[RECORDS FOR PROCESSING]

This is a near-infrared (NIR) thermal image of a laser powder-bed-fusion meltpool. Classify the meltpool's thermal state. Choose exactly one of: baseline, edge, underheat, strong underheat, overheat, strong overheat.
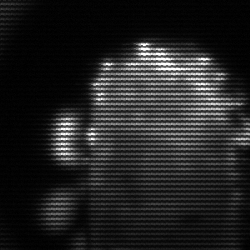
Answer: baseline
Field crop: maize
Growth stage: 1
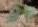
Species: datura
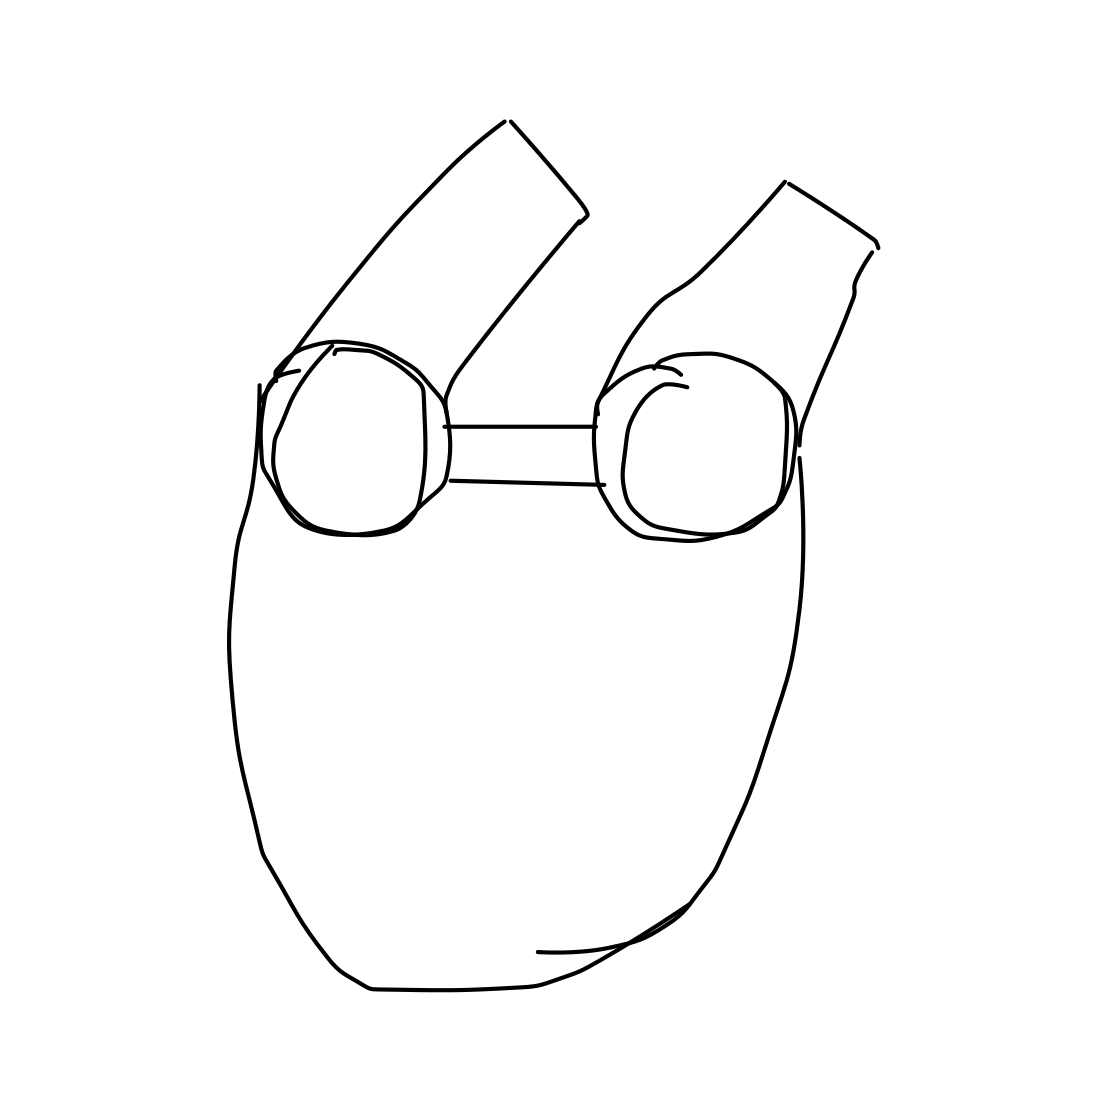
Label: binoculars
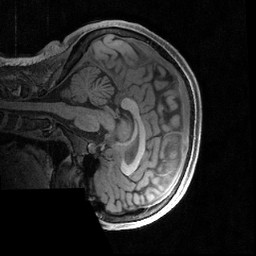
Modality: T1w
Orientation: sagittal
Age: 21
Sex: female
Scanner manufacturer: siemens
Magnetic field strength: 3 T
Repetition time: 2.4 s
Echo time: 0.00231 s
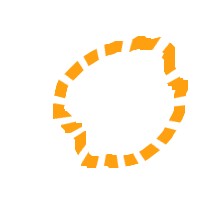
Shape: circle
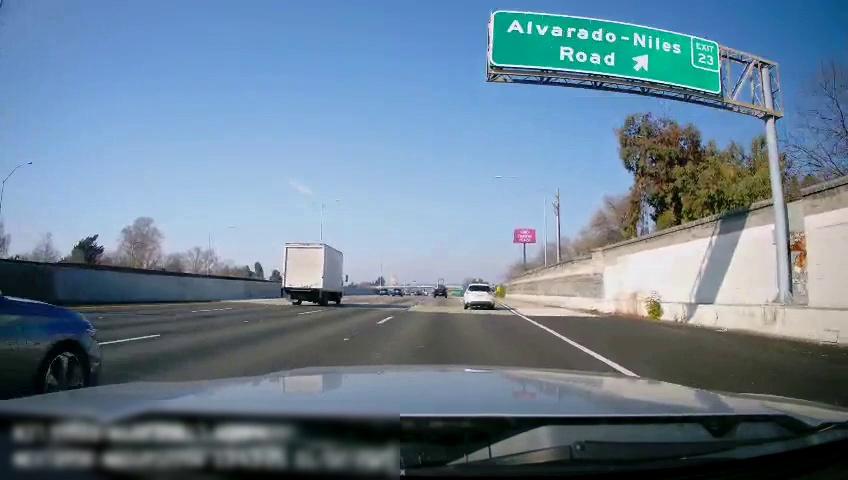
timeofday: Day
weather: Sunny
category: Drivable Space
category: Vehicles | SUV
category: Vehicles | Car
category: Vehicles | Car
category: Vehicles | Truck
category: Vehicles | SUV
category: Vehicles | Car
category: Lanes | Current Lane
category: Lanes | Alternate Lane
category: Lanes | Alternate Lane
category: Lanes | Alternate Lane
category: Lanes | Current Lane
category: Traffic | Signs
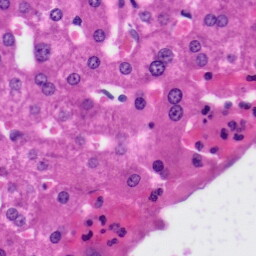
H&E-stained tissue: Liver
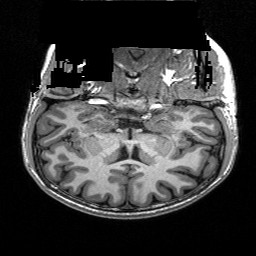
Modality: T1w
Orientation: sagittal
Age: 18
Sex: female
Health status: healthy
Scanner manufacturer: siemens
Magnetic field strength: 3 T
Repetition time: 3.2 s
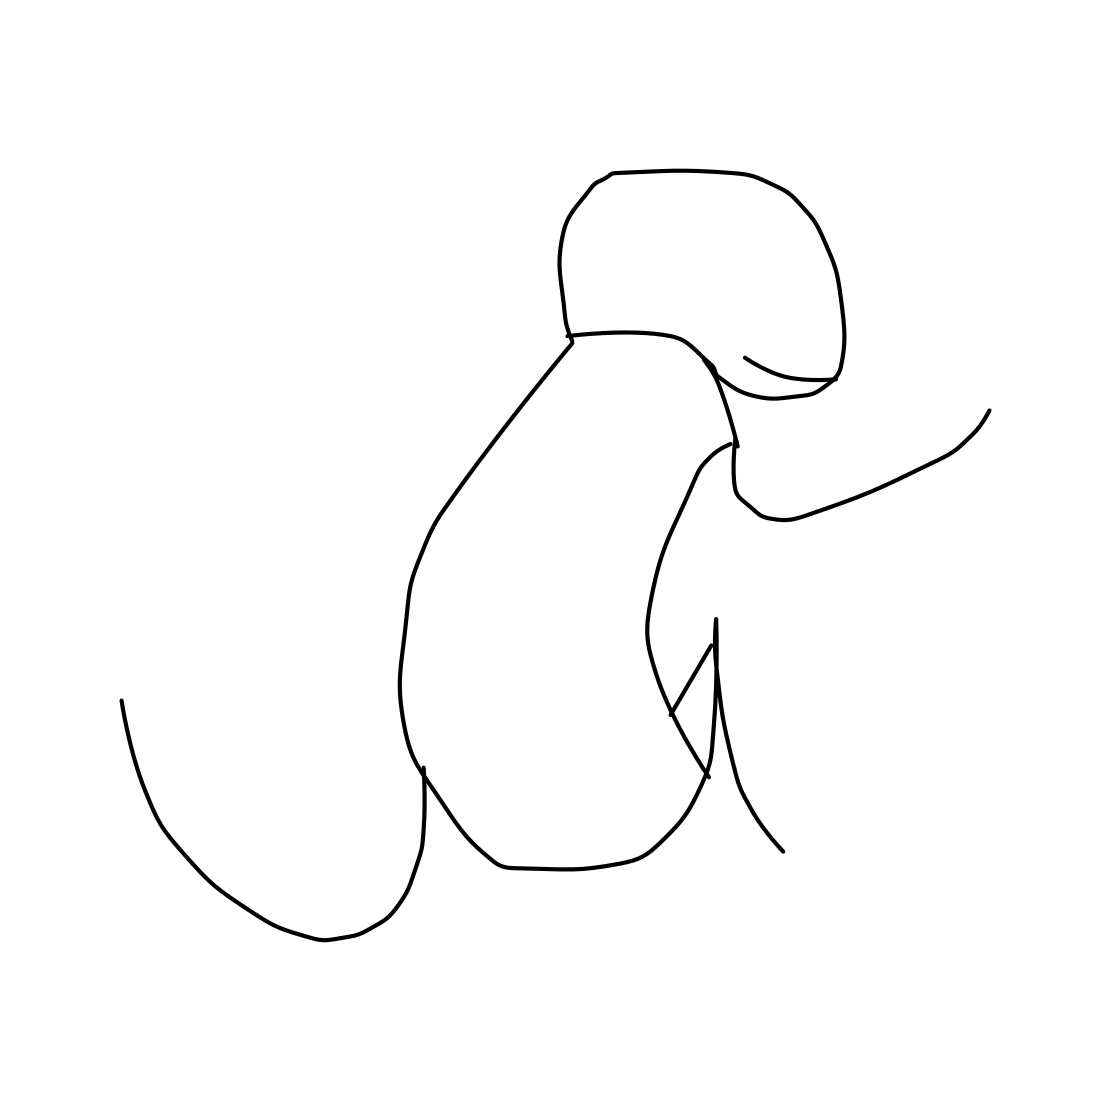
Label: monkey
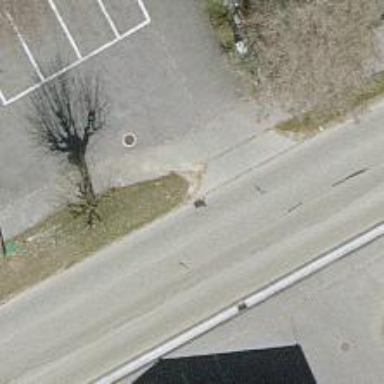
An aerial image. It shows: Asphalt footway.
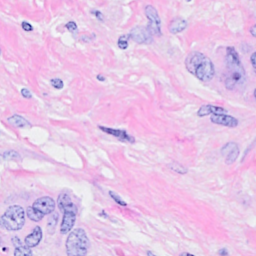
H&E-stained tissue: Breast
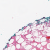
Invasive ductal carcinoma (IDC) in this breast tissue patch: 0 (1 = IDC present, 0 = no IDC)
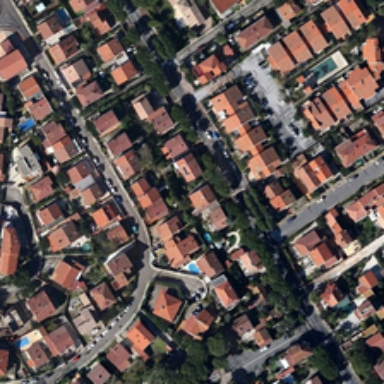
The area has built many red roofed houses .
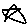
Label: star
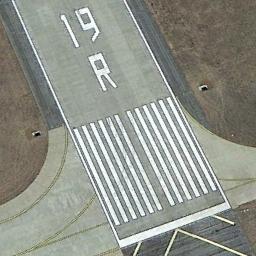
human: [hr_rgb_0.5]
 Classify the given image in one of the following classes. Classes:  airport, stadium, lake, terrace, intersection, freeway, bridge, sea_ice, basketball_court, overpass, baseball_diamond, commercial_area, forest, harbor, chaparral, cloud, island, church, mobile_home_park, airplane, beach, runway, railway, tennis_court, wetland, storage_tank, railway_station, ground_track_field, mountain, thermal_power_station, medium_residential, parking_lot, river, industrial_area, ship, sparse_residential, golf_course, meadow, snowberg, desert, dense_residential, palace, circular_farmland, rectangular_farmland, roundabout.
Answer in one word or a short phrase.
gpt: runway
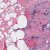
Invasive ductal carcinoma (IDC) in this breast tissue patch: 1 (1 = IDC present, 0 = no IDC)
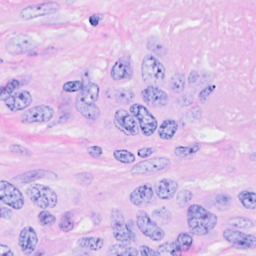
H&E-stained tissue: Breast
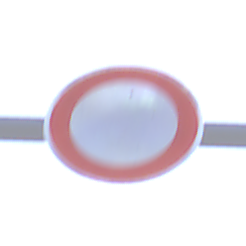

[/RECORDS FOR PROCESSING]

Please return the full listing word for word, but without any pictures.

This is a near-infrared (NIR) thermal image of a laser powder-bed-fusion meltpool. Classify the meltpool's thermal state. Choose exactly one of: baseline, edge, underheat, strong underheat, overheat, strong overheat.
Answer: baseline
Field crop: maize
Growth stage: 1
Species: datura
Label: binoculars
Modality: T1w
Orientation: sagittal
Age: 21
Sex: female
Scanner manufacturer: siemens
Magnetic field strength: 3 T
Repetition time: 2.4 s
Echo time: 0.00231 s
Shape: circle
timeofday: Day
weather: Sunny
category: Drivable Space
category: Vehicles | SUV
category: Vehicles | Car
category: Vehicles | Car
category: Vehicles | Truck
category: Vehicles | SUV
category: Vehicles | Car
category: Lanes | Current Lane
category: Lanes | Alternate Lane
category: Lanes | Alternate Lane
category: Lanes | Alternate Lane
category: Lanes | Current Lane
category: Traffic | Signs
H&E-stained tissue: Liver
Modality: T1w
Orientation: sagittal
Age: 18
Sex: female
Health status: healthy
Scanner manufacturer: siemens
Magnetic field strength: 3 T
Repetition time: 3.2 s
Label: monkey
An aerial image. It shows: Asphalt footway.
H&E-stained tissue: Breast
Invasive ductal carcinoma (IDC) in this breast tissue patch: 0 (1 = IDC present, 0 = no IDC)
The area has built many red roofed houses .
Label: star
human: [hr_rgb_0.5]
 Classify the given image in one of the following classes. Classes:  airport, stadium, lake, terrace, intersection, freeway, bridge, sea_ice, basketball_court, overpass, baseball_diamond, commercial_area, forest, harbor, chaparral, cloud, island, church, mobile_home_park, airplane, beach, runway, railway, tennis_court, wetland, storage_tank, railway_station, ground_track_field, mountain, thermal_power_station, medium_residential, parking_lot, river, industrial_area, ship, sparse_residential, golf_course, meadow, snowberg, desert, dense_residential, palace, circular_farmland, rectangular_farmland, roundabout.
Answer in one word or a short phrase.
gpt: runway
Invasive ductal carcinoma (IDC) in this breast tissue patch: 1 (1 = IDC present, 0 = no IDC)
H&E-stained tissue: Breast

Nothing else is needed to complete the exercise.